Start of THE DATA

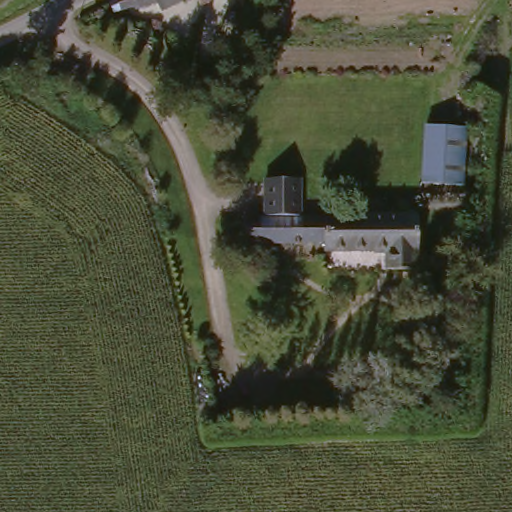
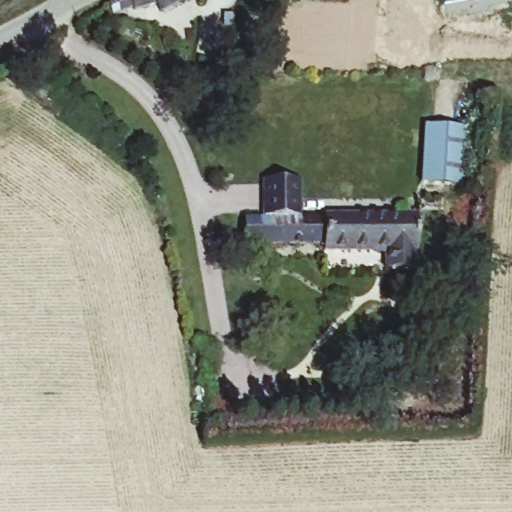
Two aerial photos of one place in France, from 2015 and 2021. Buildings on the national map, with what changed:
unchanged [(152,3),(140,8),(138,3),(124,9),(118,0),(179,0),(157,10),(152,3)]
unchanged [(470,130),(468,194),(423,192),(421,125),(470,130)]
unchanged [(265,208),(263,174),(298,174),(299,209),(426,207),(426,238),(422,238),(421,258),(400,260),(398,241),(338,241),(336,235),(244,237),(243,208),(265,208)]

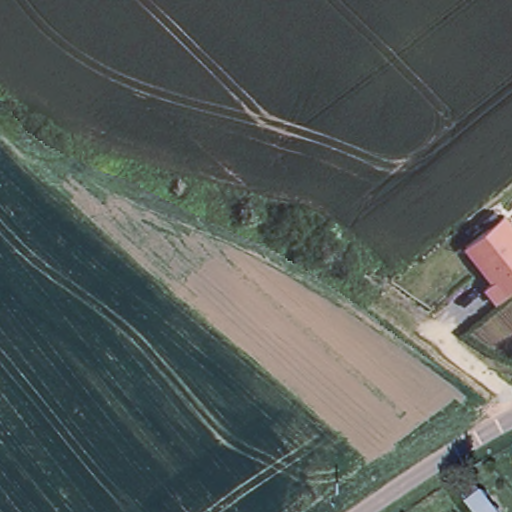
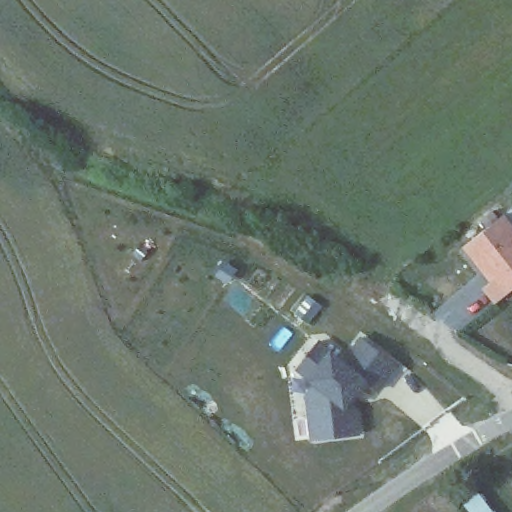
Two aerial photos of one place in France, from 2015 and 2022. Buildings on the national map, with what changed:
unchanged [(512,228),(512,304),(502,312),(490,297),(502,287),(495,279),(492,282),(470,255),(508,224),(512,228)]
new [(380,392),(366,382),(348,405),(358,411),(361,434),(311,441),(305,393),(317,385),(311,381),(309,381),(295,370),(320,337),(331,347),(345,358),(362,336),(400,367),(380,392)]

End of THE DATA

TASK REQUIREMENTS:
Write out each entry exactly; any pictures stay out of the copy.

TASK SOLUTION:
Two aerial photos of one place in France, from 2015 and 2021. Buildings on the national map, with what changed:
unchanged [(152,3),(140,8),(138,3),(124,9),(118,0),(179,0),(157,10),(152,3)]
unchanged [(470,130),(468,194),(423,192),(421,125),(470,130)]
unchanged [(265,208),(263,174),(298,174),(299,209),(426,207),(426,238),(422,238),(421,258),(400,260),(398,241),(338,241),(336,235),(244,237),(243,208),(265,208)]

Two aerial photos of one place in France, from 2015 and 2022. Buildings on the national map, with what changed:
unchanged [(512,228),(512,304),(502,312),(490,297),(502,287),(495,279),(492,282),(470,255),(508,224),(512,228)]
new [(380,392),(366,382),(348,405),(358,411),(361,434),(311,441),(305,393),(317,385),(311,381),(309,381),(295,370),(320,337),(331,347),(345,358),(362,336),(400,367),(380,392)]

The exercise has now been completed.